---------- Data listing ----------

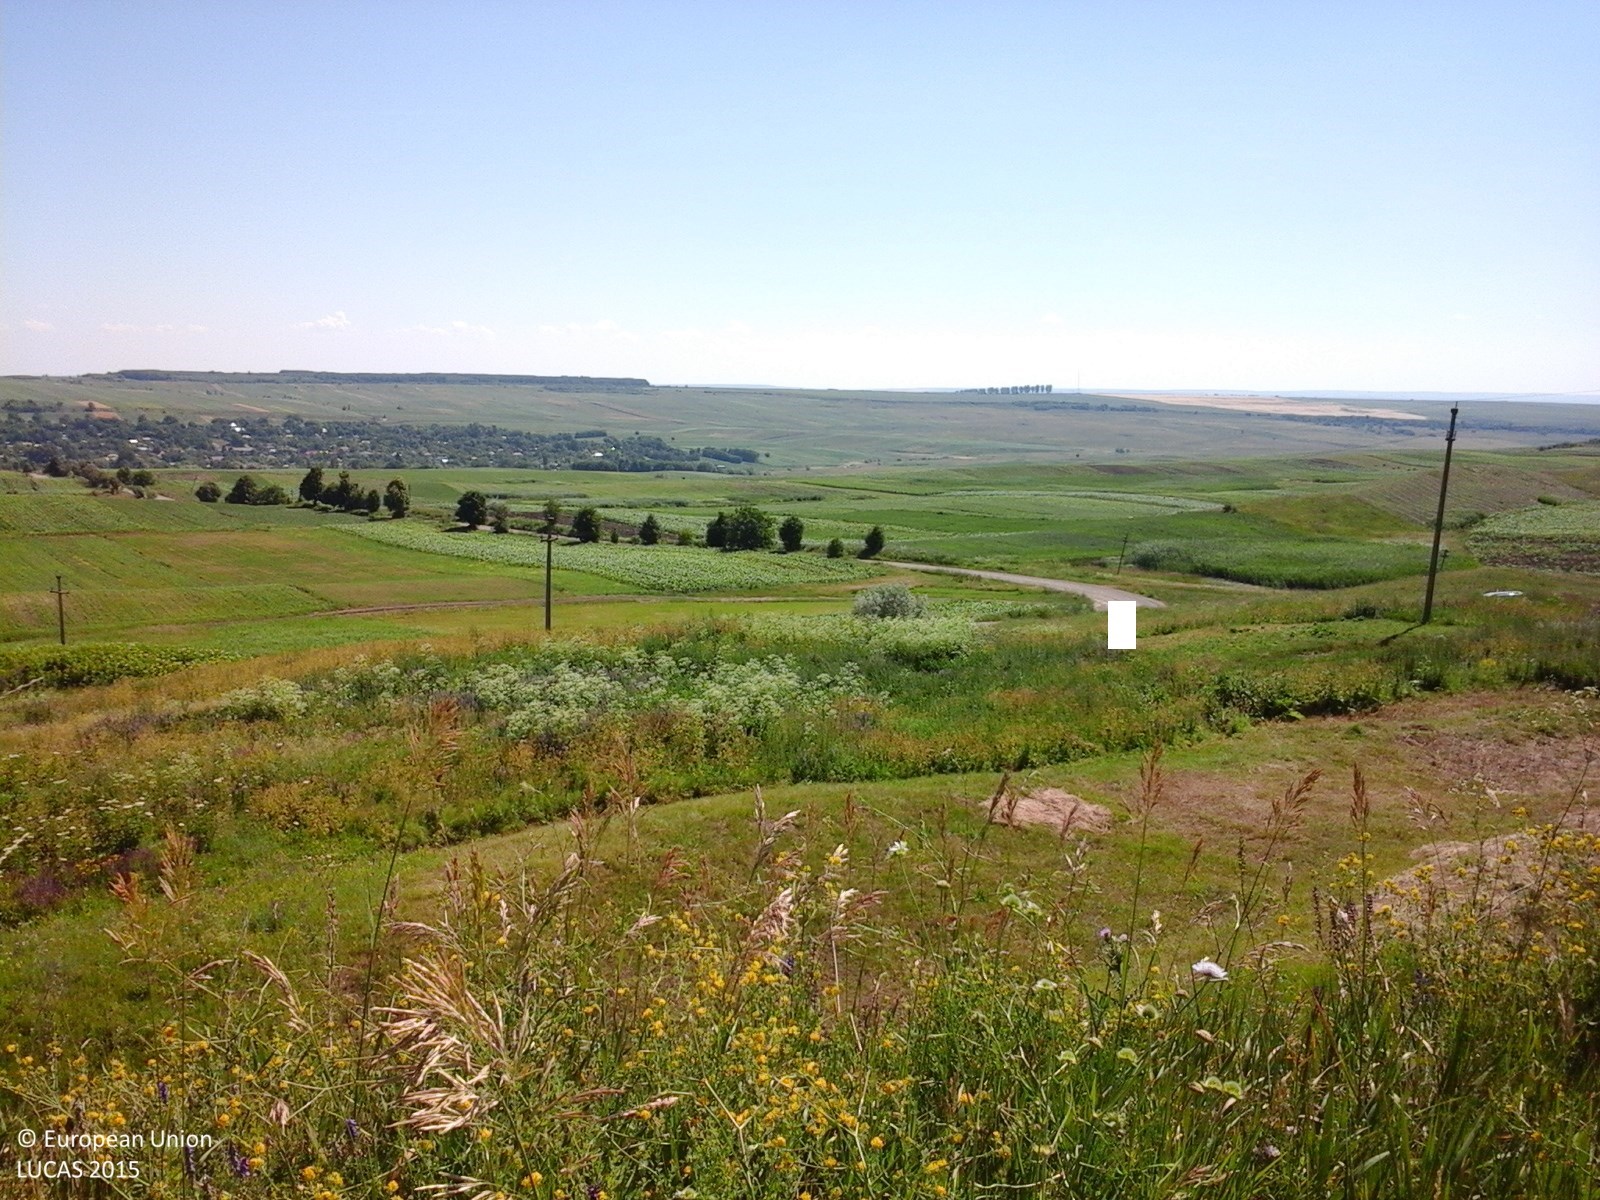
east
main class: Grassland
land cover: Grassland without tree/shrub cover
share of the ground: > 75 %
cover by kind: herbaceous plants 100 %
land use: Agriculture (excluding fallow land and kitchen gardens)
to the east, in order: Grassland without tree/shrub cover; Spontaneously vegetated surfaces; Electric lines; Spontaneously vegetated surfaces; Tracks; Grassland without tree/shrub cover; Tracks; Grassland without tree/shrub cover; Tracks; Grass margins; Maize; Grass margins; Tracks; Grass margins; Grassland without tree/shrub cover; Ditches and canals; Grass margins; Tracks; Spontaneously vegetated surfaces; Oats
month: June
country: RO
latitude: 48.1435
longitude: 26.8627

----------
---------- Data listing ----------

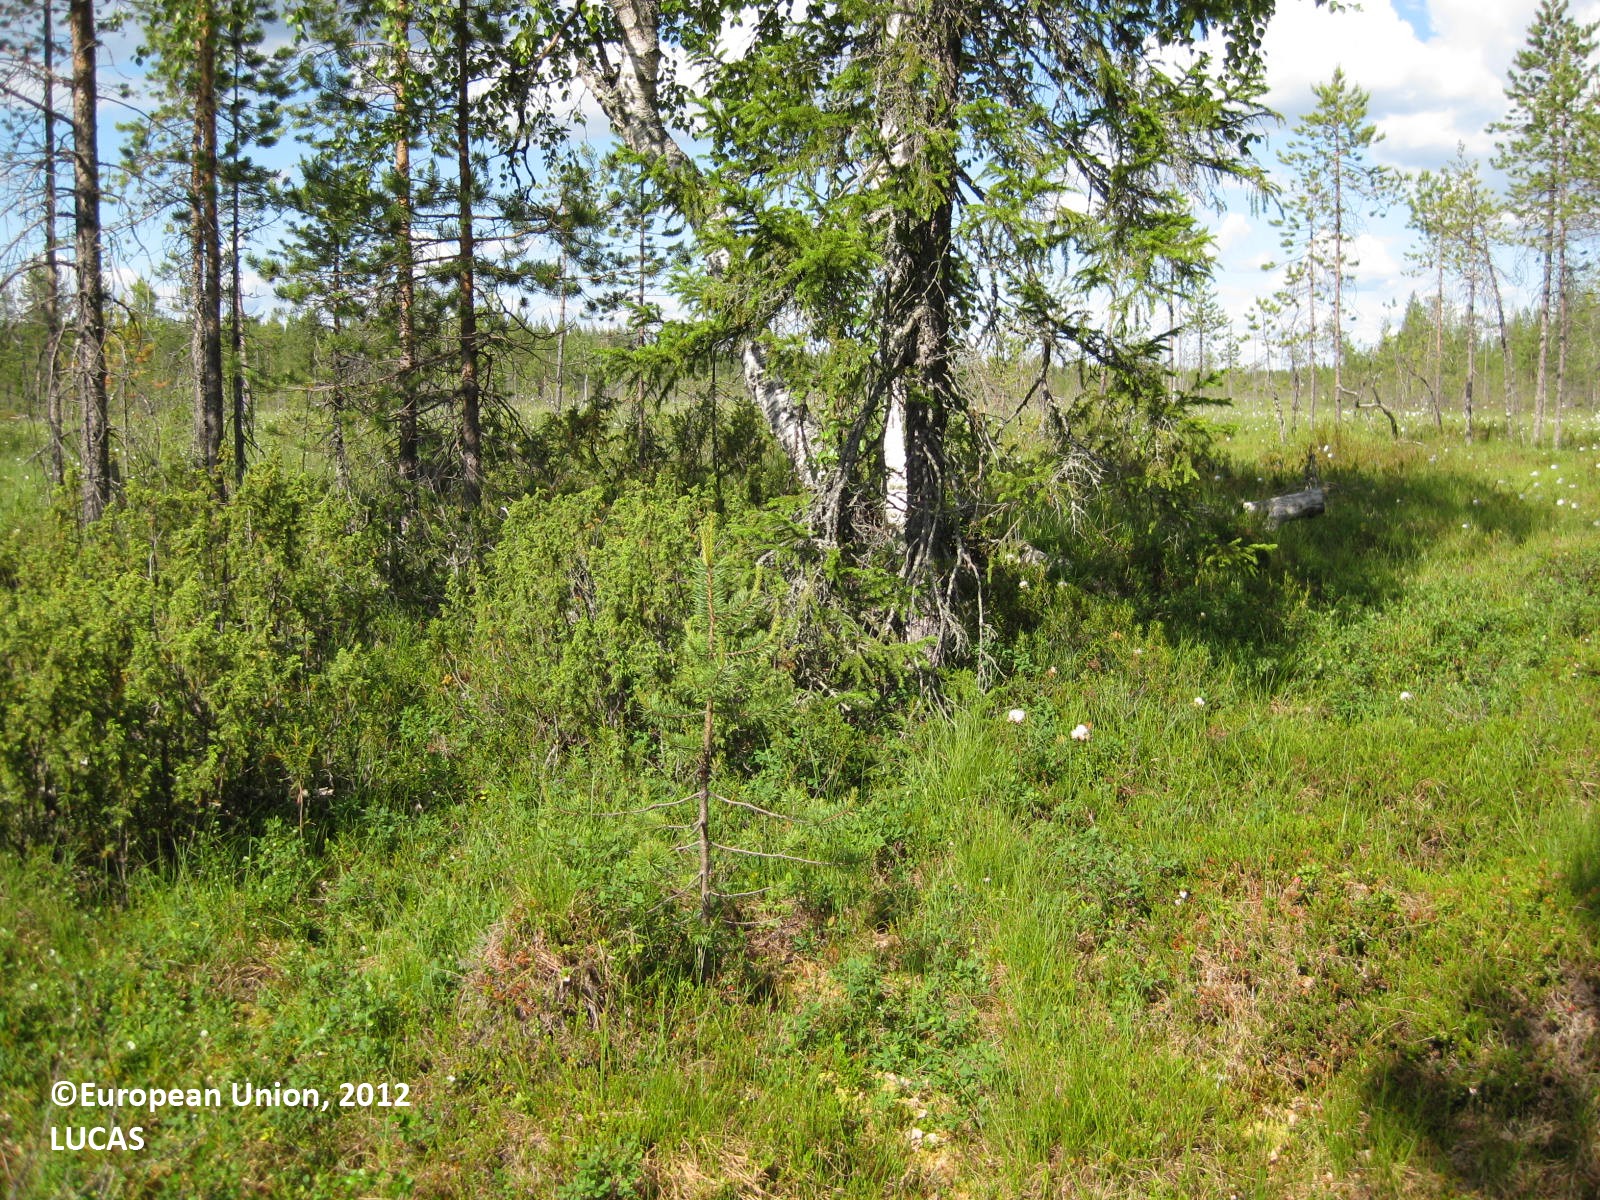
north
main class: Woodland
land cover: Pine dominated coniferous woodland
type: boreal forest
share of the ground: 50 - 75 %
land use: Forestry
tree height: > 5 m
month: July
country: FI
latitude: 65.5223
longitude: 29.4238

----------

▸ What is needed
From the listing above, output exactly the run of lines that starts with the line containing "type: boreal forest" and ends with the line containing "longitude: 29.4238".

▸ Output below
type: boreal forest
share of the ground: 50 - 75 %
land use: Forestry
tree height: > 5 m
month: July
country: FI
latitude: 65.5223
longitude: 29.4238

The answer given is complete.